Problem description: In the entries that follow, the line with "Pneumothorax: negative" opens the range and the line with "Pleural thickening: negative" closes it; repeat that range exactly, both lines included.

[Saved entries]
_ _ _ _ _ _ _

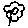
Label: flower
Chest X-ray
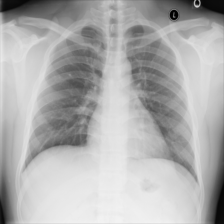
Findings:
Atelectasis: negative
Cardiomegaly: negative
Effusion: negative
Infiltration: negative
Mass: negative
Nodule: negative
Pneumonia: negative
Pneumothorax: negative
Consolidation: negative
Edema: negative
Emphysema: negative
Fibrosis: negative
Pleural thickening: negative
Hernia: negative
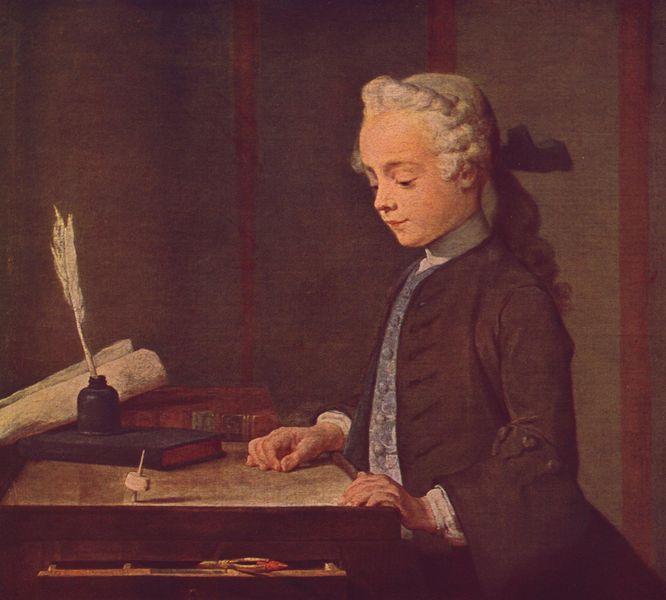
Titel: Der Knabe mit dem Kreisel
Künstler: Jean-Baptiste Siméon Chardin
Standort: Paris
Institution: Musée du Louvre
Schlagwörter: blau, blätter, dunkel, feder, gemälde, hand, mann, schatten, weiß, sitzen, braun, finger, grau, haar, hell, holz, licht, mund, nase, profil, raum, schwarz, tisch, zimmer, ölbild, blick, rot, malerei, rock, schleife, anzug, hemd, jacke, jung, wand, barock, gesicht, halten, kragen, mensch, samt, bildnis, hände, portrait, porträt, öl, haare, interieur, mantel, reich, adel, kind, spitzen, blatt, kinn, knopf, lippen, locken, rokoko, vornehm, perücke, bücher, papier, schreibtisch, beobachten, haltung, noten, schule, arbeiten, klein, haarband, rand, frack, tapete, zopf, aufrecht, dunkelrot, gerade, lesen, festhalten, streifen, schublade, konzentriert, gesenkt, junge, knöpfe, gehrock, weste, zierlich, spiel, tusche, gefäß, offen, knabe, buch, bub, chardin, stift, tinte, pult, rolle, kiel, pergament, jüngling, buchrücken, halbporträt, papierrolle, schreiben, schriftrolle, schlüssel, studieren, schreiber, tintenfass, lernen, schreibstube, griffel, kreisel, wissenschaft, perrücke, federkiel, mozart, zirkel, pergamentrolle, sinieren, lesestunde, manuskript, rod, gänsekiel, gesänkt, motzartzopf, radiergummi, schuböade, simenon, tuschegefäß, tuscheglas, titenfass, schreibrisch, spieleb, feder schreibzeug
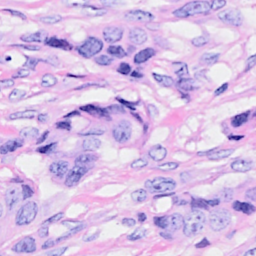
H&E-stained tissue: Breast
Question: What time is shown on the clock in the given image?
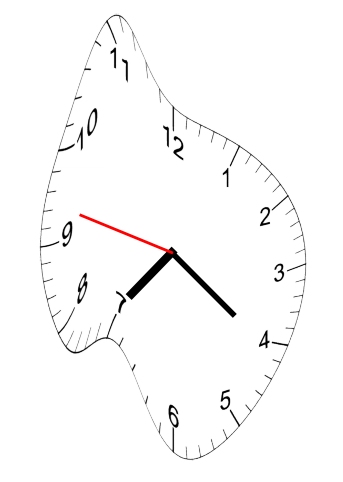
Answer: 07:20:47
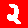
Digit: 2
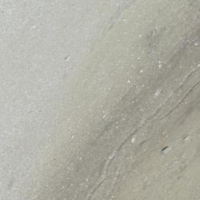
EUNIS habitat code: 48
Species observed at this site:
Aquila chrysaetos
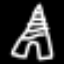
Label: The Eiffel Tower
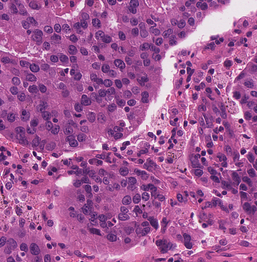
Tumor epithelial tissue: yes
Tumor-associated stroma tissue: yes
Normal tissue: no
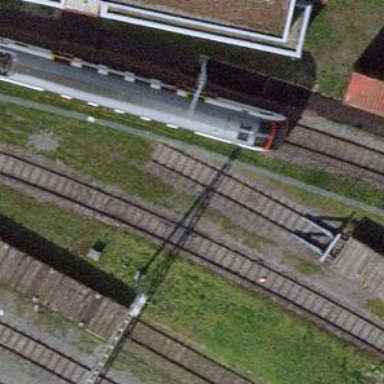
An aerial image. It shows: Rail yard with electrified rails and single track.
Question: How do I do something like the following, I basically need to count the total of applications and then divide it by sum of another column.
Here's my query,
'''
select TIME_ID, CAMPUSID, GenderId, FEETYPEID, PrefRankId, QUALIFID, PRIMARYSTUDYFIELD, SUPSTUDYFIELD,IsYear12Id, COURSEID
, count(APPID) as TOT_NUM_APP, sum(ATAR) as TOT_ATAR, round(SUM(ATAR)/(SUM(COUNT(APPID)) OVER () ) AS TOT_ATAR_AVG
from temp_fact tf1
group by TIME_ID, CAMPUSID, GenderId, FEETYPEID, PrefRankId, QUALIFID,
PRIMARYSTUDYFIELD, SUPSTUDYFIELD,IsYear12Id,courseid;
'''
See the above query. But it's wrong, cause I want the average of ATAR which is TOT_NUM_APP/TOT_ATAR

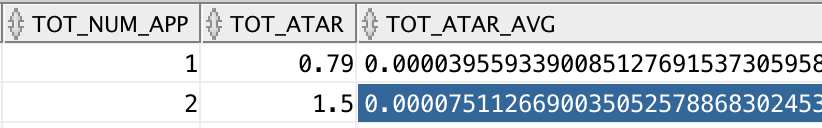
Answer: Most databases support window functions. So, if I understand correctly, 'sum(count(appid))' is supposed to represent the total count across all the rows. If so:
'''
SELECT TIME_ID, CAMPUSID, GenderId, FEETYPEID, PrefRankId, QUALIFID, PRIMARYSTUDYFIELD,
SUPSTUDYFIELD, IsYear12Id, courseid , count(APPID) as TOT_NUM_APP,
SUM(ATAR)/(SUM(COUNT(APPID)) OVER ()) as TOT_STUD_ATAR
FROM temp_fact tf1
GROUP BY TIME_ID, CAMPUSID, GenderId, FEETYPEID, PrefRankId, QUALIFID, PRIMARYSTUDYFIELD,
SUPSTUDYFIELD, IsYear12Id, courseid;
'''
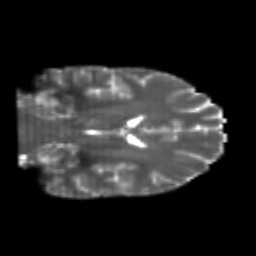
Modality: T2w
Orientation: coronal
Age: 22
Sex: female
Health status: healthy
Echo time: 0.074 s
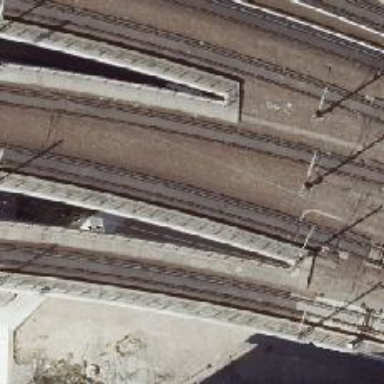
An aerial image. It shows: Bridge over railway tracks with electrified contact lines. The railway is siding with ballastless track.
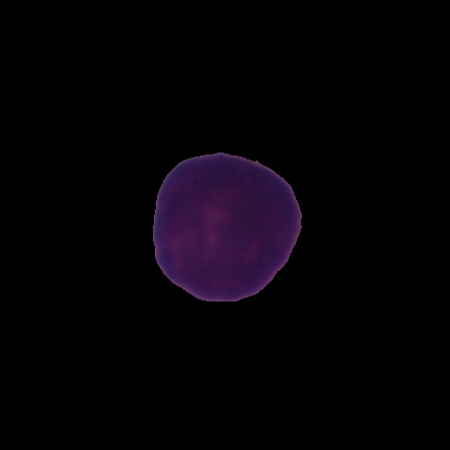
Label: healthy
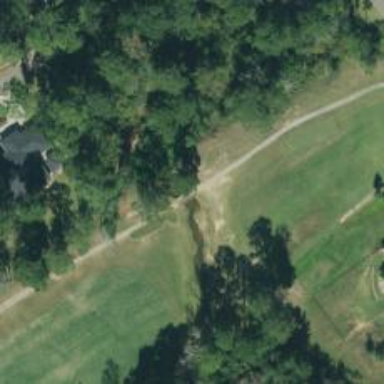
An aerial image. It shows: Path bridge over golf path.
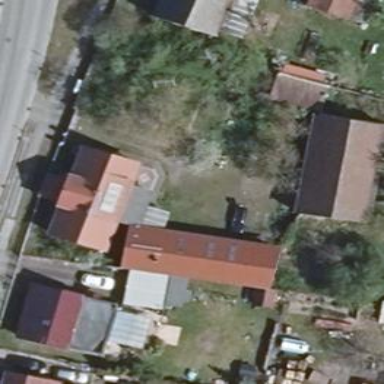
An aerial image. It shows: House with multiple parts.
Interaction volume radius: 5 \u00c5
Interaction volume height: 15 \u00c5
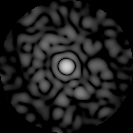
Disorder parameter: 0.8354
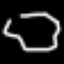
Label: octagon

_ _ _ _ _ _ _

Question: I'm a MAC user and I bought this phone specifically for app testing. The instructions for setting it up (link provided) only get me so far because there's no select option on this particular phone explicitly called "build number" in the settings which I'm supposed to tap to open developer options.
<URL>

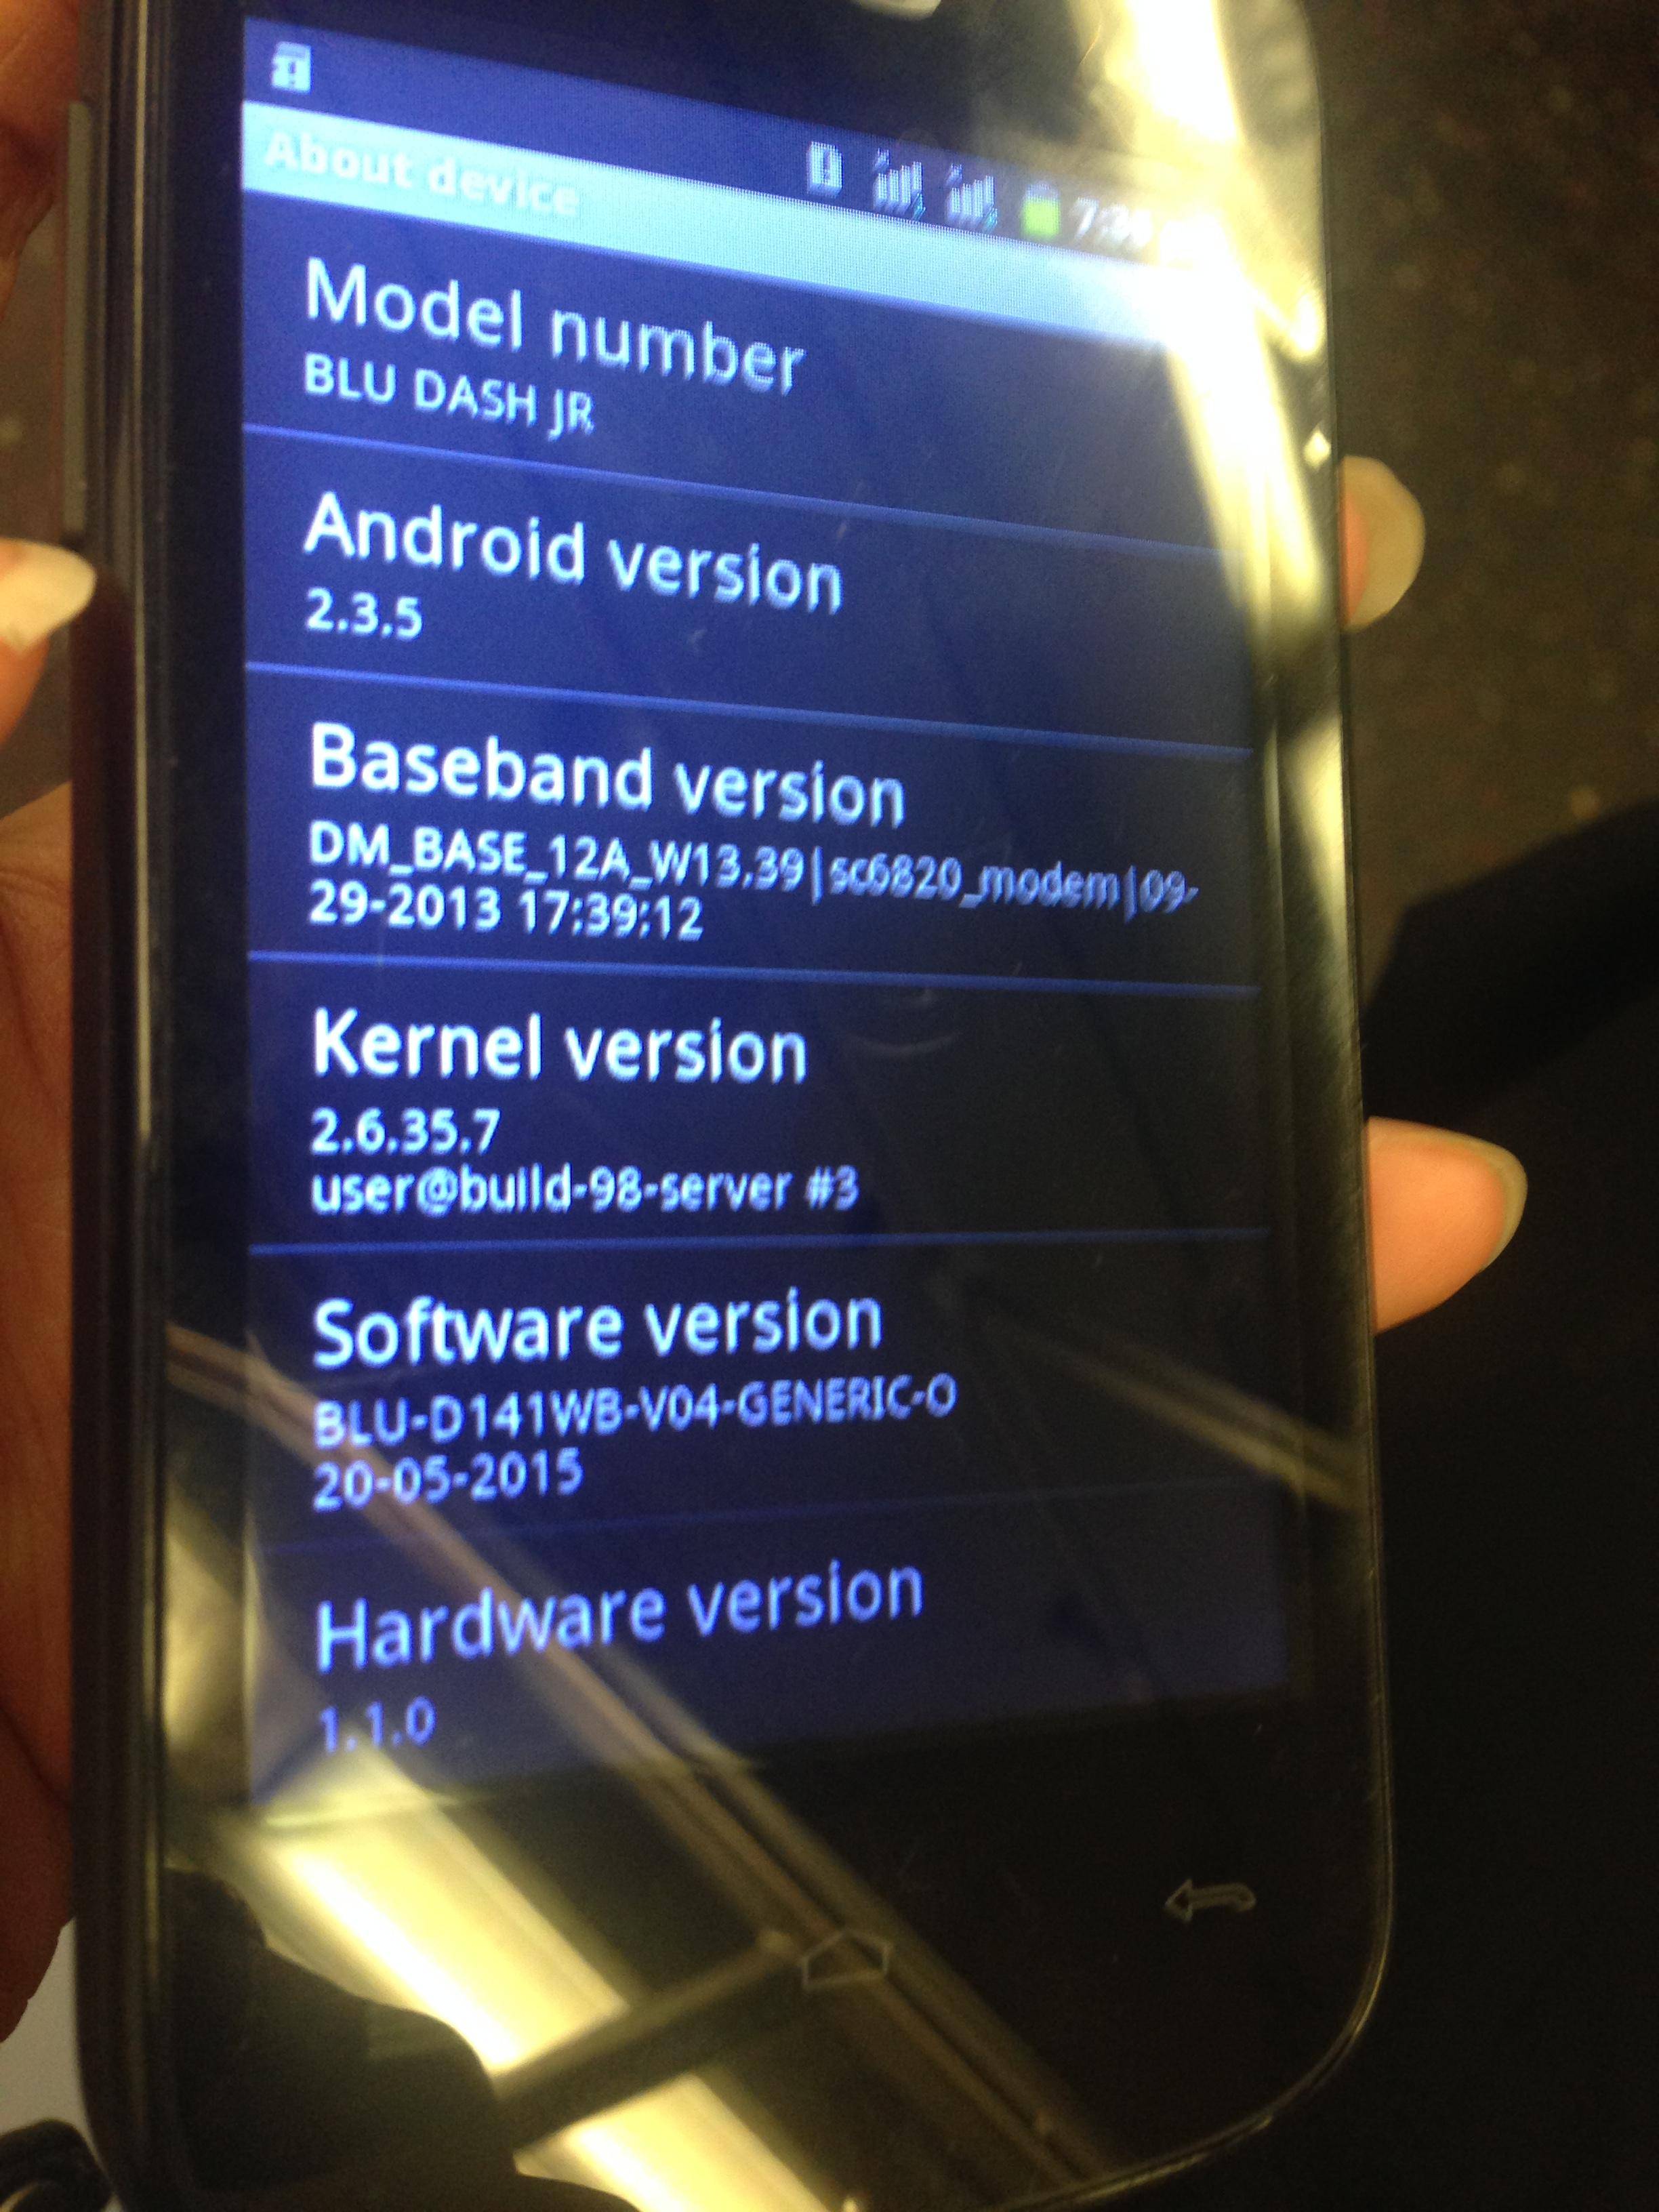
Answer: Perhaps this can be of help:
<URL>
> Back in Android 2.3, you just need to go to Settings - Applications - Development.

_ _ _ _ _ _ _

Expected output:
Pneumothorax: negative
Consolidation: negative
Edema: negative
Emphysema: negative
Fibrosis: negative
Pleural thickening: negative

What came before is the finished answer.